Department of Molecular Biology and Genetics, Center for Quantitative Genetics and Genomics, Aarhus University, Tjele, Denmark.
Wageningen University and Research, Animal Breeding and Genomics, Wageningen, The Netherlands.
Genet Sel Evol. 2018 Nov 20;50(1):62. doi: 10.1186/s12711-018-0432-8.
Availability of whole-genome sequence data for a large number of cattle and efficient imputation methodologies open a new opportunity to include rare and low-frequency variants (RLFV) in genomic prediction in dairy cattle. The objective of this study was to examine the impact of including RLFV that are within genes and selected from whole-genome sequence variants, on the reliability of genomic prediction for fertility, health and longevity in dairy cattle.
All genic RLFV with a minor allele frequency lower than 0.05 were extracted from imputed sequence data and subsets were created using different strategies. These subsets were subsequently combined with Illumina 50 k single nucleotide polymorphism (SNP) data and used for genomic prediction. Reliability of prediction obtained by using 50 k SNP data alone was used as reference value and absolute changes in reliabilities are referred to as changes in percentage points. Adding a component that included either all the genic or a subset of selected RLFV into the model in addition to the 50 k component changed the reliability of predictions by - 2.2 to 1.1%, i.e. hardly no change in reliability of prediction was found, regardless of how the RLFV were selected. In addition to these empirical analyses, a simulation study was performed to evaluate the potential impact of adding RLFV in the model on the reliability of prediction. Three sets of causal RLFV (containing 21,468, 1348 and 235 RLFV) that were randomly selected from different numbers of genes were generated and accounted for 10% additional genetic variance of the estimated variance explained by the 50 k SNPs.
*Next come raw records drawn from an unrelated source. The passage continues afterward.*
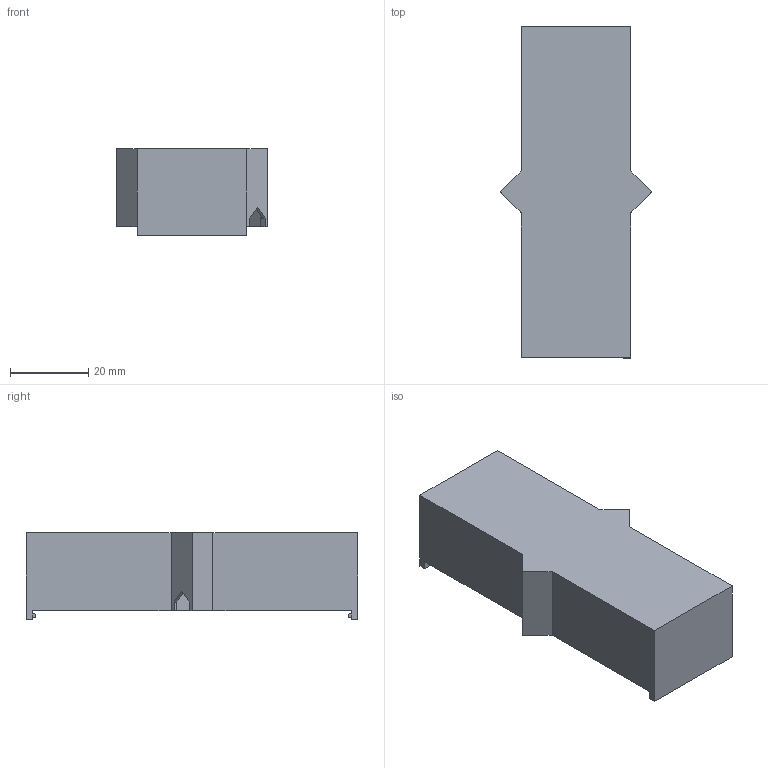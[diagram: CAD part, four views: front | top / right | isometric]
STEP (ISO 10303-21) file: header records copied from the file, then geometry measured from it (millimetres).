
FILE_DESCRIPTION(/* description */ (''),/* implementation_level */ '2;1');
FILE_NAME(/* name */ 'cover_colon_minute_second.step',/* time_stamp */ '2018-07-13T10:28:28-05:00',/* author */ (''),/* organization */ (''),/* preprocessor_version */ 'ST-DEVELOPER v17',/* originating_system */ 'Autodesk Translation Framework v7.1.0.215',/* authorisation */ '');
FILE_SCHEMA (('AUTOMOTIVE_DESIGN { 1 0 10303 214 3 1 1 }'));
Length unit declared in the file: millimetre
Products named in the file (1): colon
Bounding box: 38.86 x 85.04 x 22.25 mm (x, y, z)
Volume: 10420.4 mm3; surface area: 16425.2 mm2
Topology: 1 solids, 1 shells, 82 faces, 224 edges, 150 vertices
Faces by surface type: plane 70, cylinder 6, torus 6
Full cylindrical faces by diameter (mm): 10 x2, 12 x2
Entity records: 2708 total; most frequent: CARTESIAN_POINT 565, ORIENTED_EDGE 448, DIRECTION 418, EDGE_CURVE 224, LINE 172, VECTOR 172, VERTEX_POINT 150, AXIS2_PLACEMENT_3D 123

When genic RLFV based on mapping results were included in the prediction model, reliabilities improved by up to 4.0% and when the causal RLFV were included they improved by up to 6.8%.
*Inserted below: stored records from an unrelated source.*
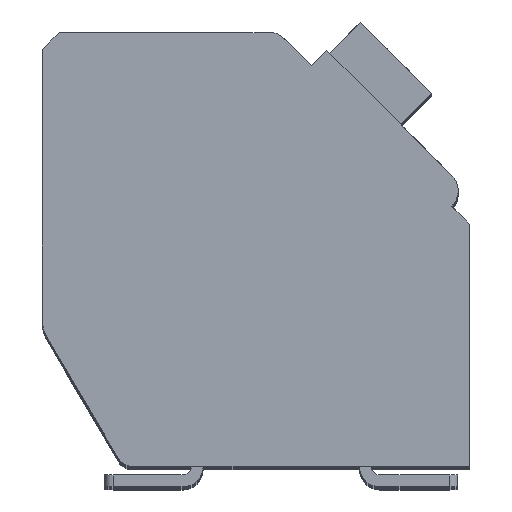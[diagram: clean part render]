
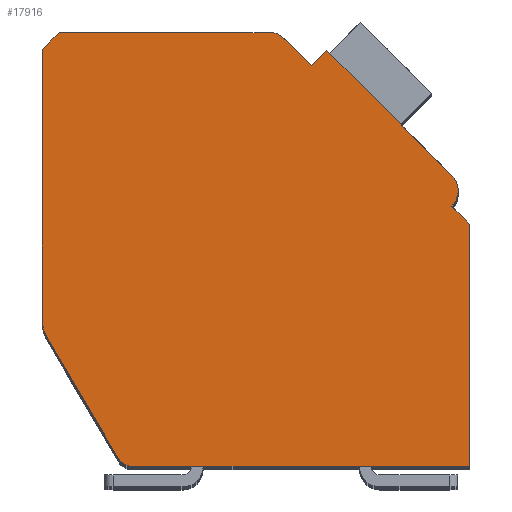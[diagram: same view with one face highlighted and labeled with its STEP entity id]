
A CAD part, top view. The second image highlights one B-rep face of the part: STEP entity #17916.
In plain terms, the highlighted planar face has unit normal (0, 0, 1).
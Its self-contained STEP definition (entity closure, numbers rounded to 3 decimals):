
#360=DIRECTION('',(0.,-1.,0.));
#361=VECTOR('',#360,8.053);
#362=CARTESIAN_POINT('',(-12.7,12.4,2.1));
#363=LINE('',#362,#361);
#364=DIRECTION('',(-0.707,-0.707,0.));
#365=VECTOR('',#364,0.707);
#366=CARTESIAN_POINT('',(-12.2,12.9,2.1));
#367=LINE('',#366,#365);
#368=DIRECTION('',(-1.,0.,0.));
#369=VECTOR('',#368,6.298);
#370=CARTESIAN_POINT('',(-5.902,12.9,2.1));
#371=LINE('',#370,#369);
#372=CARTESIAN_POINT('',(-5.902,12.4,2.1));
#373=DIRECTION('',(0.,0.,1.));
#374=DIRECTION('',(0.707,0.707,0.));
#375=AXIS2_PLACEMENT_3D('',#372,#373,#374);
#377=DIRECTION('',(-0.707,0.707,0.));
#378=VECTOR('',#377,1.197);
#379=CARTESIAN_POINT('',(-4.702,11.907,2.1));
#380=LINE('',#379,#378);
#381=DIRECTION('',(-0.707,-0.707,0.));
#382=VECTOR('',#381,0.65);
#383=CARTESIAN_POINT('',(-4.243,12.367,2.1));
#384=LINE('',#383,#382);
#385=DIRECTION('',(-0.707,0.707,0.));
#386=VECTOR('',#385,5.25);
#387=CARTESIAN_POINT('',(-0.53,8.655,2.1));
#388=LINE('',#387,#386);
#389=CARTESIAN_POINT('',(-0.99,8.195,2.1));
#390=DIRECTION('',(0.,0.,1.));
#391=DIRECTION('',(0.707,-0.707,0.));
#392=AXIS2_PLACEMENT_3D('',#389,#390,#391);
#394=DIRECTION('',(-0.707,0.707,0.));
#395=VECTOR('',#394,0.75);
#396=CARTESIAN_POINT('',(0.,7.205,2.1));
#397=LINE('',#396,#395);
#398=DIRECTION('',(0.,1.,0.));
#399=VECTOR('',#398,7.205);
#400=CARTESIAN_POINT('',(0.,0.,2.1));
#401=LINE('',#400,#399);
#402=DIRECTION('',(1.,0.,0.));
#403=VECTOR('',#402,10.014);
#404=CARTESIAN_POINT('',(-10.014,0.,2.1));
#405=LINE('',#404,#403);
#406=CARTESIAN_POINT('',(-10.014,0.5,2.1));
#407=DIRECTION('',(0.,0.,1.));
#408=DIRECTION('',(-0.862,-0.508,0.));
#409=AXIS2_PLACEMENT_3D('',#406,#407,#408);
#411=DIRECTION('',(0.508,-0.862,0.));
#412=VECTOR('',#411,4.17);
#413=CARTESIAN_POINT('',(-12.562,3.839,2.1));
#414=LINE('',#413,#412);
#415=CARTESIAN_POINT('',(-11.7,4.347,2.1));
#416=DIRECTION('',(0.,0.,1.));
#417=DIRECTION('',(-1.,0.,0.));
#418=AXIS2_PLACEMENT_3D('',#415,#416,#417);
#13469=CARTESIAN_POINT('',(-12.7,12.4,2.1));
#13470=CARTESIAN_POINT('',(-12.7,4.347,2.1));
#13471=VERTEX_POINT('',#13469);
#13472=VERTEX_POINT('',#13470);
#13473=CARTESIAN_POINT('',(-12.562,3.839,2.1));
#13474=VERTEX_POINT('',#13473);
#13475=CARTESIAN_POINT('',(-10.445,0.246,2.1));
#13476=VERTEX_POINT('',#13475);
#13477=CARTESIAN_POINT('',(-10.014,0.,2.1));
#13478=VERTEX_POINT('',#13477);
#13479=CARTESIAN_POINT('',(0.,0.,2.1));
#13480=VERTEX_POINT('',#13479);
#13481=CARTESIAN_POINT('',(0.,7.205,2.1));
#13482=VERTEX_POINT('',#13481);
#13483=CARTESIAN_POINT('',(-0.53,7.735,2.1));
#13484=VERTEX_POINT('',#13483);
#13485=CARTESIAN_POINT('',(-0.53,8.655,2.1));
#13486=VERTEX_POINT('',#13485);
#13487=CARTESIAN_POINT('',(-4.243,12.367,2.1));
#13488=VERTEX_POINT('',#13487);
#13489=CARTESIAN_POINT('',(-4.702,11.907,2.1));
#13490=VERTEX_POINT('',#13489);
#13491=CARTESIAN_POINT('',(-5.548,12.754,2.1));
#13492=VERTEX_POINT('',#13491);
#13493=CARTESIAN_POINT('',(-5.902,12.9,2.1));
#13494=VERTEX_POINT('',#13493);
#13495=CARTESIAN_POINT('',(-12.2,12.9,2.1));
#13496=VERTEX_POINT('',#13495);
#17883=CARTESIAN_POINT('',(0.,0.,2.1));
#17884=DIRECTION('',(0.,0.,1.));
#17885=DIRECTION('',(1.,0.,0.));
#17886=AXIS2_PLACEMENT_3D('',#17883,#17884,#17885);
#17887=PLANE('',#17886);
#17888=ORIENTED_EDGE('',*,*,#17567,.F.);
#17890=ORIENTED_EDGE('',*,*,#17889,.F.);
#17892=ORIENTED_EDGE('',*,*,#17891,.F.);
#17894=ORIENTED_EDGE('',*,*,#17893,.F.);
#17896=ORIENTED_EDGE('',*,*,#17895,.F.);
#17898=ORIENTED_EDGE('',*,*,#17897,.F.);
#17900=ORIENTED_EDGE('',*,*,#17899,.F.);
#17902=ORIENTED_EDGE('',*,*,#17901,.F.);
#17904=ORIENTED_EDGE('',*,*,#17903,.F.);
#17906=ORIENTED_EDGE('',*,*,#17905,.F.);
#17908=ORIENTED_EDGE('',*,*,#17907,.F.);
#17910=ORIENTED_EDGE('',*,*,#17909,.F.);
#17912=ORIENTED_EDGE('',*,*,#17911,.F.);
#17913=ORIENTED_EDGE('',*,*,#17696,.F.);
#17914=EDGE_LOOP('',(#17888,#17890,#17892,#17894,#17896,#17898,#17900,#17902,
#17904,#17906,#17908,#17910,#17912,#17913));
#17915=FACE_OUTER_BOUND('',#17914,.F.);
#376=CIRCLE('',#375,0.5);
#393=CIRCLE('',#392,0.65);
#410=CIRCLE('',#409,0.5);
#419=CIRCLE('',#418,1.);
#17567=EDGE_CURVE('',#13471,#13472,#363,.T.);
#17696=EDGE_CURVE('',#13472,#13474,#419,.T.);
#17889=EDGE_CURVE('',#13496,#13471,#367,.T.);
#17891=EDGE_CURVE('',#13494,#13496,#371,.T.);
#17893=EDGE_CURVE('',#13492,#13494,#376,.T.);
#17895=EDGE_CURVE('',#13490,#13492,#380,.T.);
#17897=EDGE_CURVE('',#13488,#13490,#384,.T.);
#17899=EDGE_CURVE('',#13486,#13488,#388,.T.);
#17901=EDGE_CURVE('',#13484,#13486,#393,.T.);
#17903=EDGE_CURVE('',#13482,#13484,#397,.T.);
#17905=EDGE_CURVE('',#13480,#13482,#401,.T.);
#17907=EDGE_CURVE('',#13478,#13480,#405,.T.);
#17909=EDGE_CURVE('',#13476,#13478,#410,.T.);
#17911=EDGE_CURVE('',#13474,#13476,#414,.T.);
#17916=ADVANCED_FACE('',(#17915),#17887,.T.);
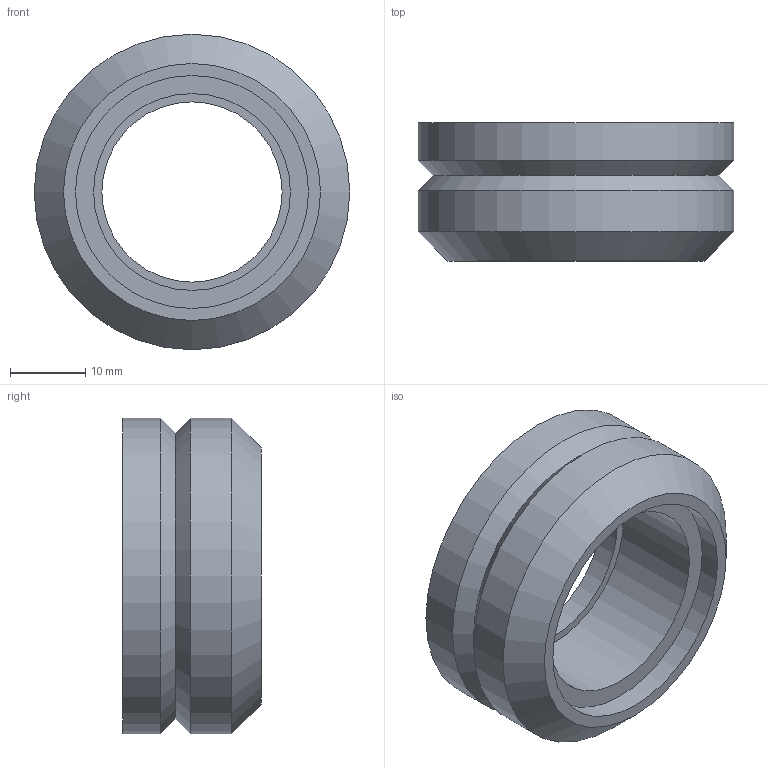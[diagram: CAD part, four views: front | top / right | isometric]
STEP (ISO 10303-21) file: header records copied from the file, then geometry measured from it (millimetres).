
FILE_DESCRIPTION(/* description */ (''),/* implementation_level */ '2;1');
FILE_NAME(/* name */ 'wheel-outer-inn.step',/* time_stamp */ '2025-02-16T11:33:38+03:00',/* author */ (''),/* organization */ (''),/* preprocessor_version */ 'ST-DEVELOPER v20',/* originating_system */ 'Autodesk Translation Framework v13.20.0.188',/* authorisation */ '');
FILE_SCHEMA (('AUTOMOTIVE_DESIGN { 1 0 10303 214 3 1 1 }'));
Length unit declared in the file: millimetre
Products named in the file (1): caretaker
Bounding box: 42 x 18.4 x 42 mm (x, y, z)
Volume: 12435.2 mm3; surface area: 6572.9 mm2
Topology: 1 solids, 1 shells, 16 faces, 29 edges, 19 vertices
Faces by surface type: cylinder 7, plane 6, cone 3
Full cylindrical faces by diameter (mm): 24 x1, 26.2 x1, 31 x1, 32 x1, 38 x1, 42 x2
Entity records: 444 total; most frequent: DIRECTION 82, CARTESIAN_POINT 65, ORIENTED_EDGE 58, AXIS2_PLACEMENT_3D 36, EDGE_CURVE 29, EDGE_LOOP 22, CIRCLE 19, VERTEX_POINT 19

Using selected RLFV from whole-genome sequence data had only a small impact on the empirical reliability of genomic prediction in dairy cattle. Our simulations revealed that for sequence data to bring a benefit, the key is to identify causal RLFV.
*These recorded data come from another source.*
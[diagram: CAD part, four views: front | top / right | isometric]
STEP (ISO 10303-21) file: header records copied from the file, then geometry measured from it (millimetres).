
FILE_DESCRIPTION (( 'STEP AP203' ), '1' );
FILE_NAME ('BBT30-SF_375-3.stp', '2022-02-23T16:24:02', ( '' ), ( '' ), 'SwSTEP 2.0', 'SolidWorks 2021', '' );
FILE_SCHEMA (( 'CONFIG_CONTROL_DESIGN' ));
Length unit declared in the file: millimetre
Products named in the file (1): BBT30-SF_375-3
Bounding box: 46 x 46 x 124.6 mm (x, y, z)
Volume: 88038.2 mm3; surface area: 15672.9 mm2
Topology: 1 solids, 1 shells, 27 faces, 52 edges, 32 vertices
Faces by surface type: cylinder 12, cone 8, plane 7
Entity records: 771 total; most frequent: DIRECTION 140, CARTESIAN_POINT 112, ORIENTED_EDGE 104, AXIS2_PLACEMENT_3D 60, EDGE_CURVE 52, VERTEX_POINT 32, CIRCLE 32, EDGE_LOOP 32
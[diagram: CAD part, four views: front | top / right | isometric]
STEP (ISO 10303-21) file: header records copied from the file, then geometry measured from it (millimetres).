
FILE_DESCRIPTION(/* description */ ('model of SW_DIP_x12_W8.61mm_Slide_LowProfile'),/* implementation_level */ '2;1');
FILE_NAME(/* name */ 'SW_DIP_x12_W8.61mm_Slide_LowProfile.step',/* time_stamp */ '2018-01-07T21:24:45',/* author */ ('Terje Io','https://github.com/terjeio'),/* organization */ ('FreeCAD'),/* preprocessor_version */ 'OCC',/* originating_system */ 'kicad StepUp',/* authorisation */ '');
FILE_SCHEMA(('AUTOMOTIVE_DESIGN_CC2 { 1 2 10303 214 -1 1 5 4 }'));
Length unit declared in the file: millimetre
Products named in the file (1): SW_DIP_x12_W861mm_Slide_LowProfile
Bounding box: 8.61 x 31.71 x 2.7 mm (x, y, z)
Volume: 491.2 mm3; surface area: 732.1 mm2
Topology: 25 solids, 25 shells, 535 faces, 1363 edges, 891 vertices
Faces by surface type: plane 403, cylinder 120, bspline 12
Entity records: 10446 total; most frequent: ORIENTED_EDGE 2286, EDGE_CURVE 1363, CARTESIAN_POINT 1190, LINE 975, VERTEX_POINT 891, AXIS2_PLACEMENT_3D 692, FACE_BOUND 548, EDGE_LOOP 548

大量牛的全基因组序列数据的可用性和高效的插补方法为在奶牛基因组预测中纳入罕见和低频变异(RLFV)提供了新的机会。本研究的目的是检验在基因组预测奶牛的生育力、健康和寿命时纳入位于基因内和从全基因组序列变异中选择的 RLFV 的影响。
从已推断的序列数据中提取了所有频率低于 0.05 的基因内 RLFV,并使用不同策略创建了子集。这些子集随后与 Illumina 50k 单核苷酸多态性(SNP)数据结合,用于基因组预测。单独使用 50k SNP 数据获得的预测可靠性用作参考值,可靠性的绝对变化被称为百分点变化。在模型中添加除 50k 组件之外的包含所有基因或选择的 RLFV 子集的组件,将预测的可靠性改变了-2.2%至 1.1%,即几乎没有发现预测可靠性的变化,无论如何选择 RLFV。除了这些实证分析之外,还进行了一项模拟研究,以评估在模型中添加 RLFV 对预测可靠性的潜在影响。从不同数量的基因中随机选择了三个包含 21468、1348 和 235 个 RLFV 的因果 RLFV 集,并解释了 50kSNP 解释的估计方差的 10%额外遗传方差。当基于映射结果的基因内 RLFV 被包括在预测模型中时,可靠性提高了高达 4.0%,而当包括因果 RLFV 时,可靠性提高了高达 6.8%。
使用全基因组序列数据中的选择 RLFV 对奶牛基因组预测的经验可靠性仅有很小的影响。我们的模拟表明,为了使序列数据带来益处,关键是要识别因果 RLFV。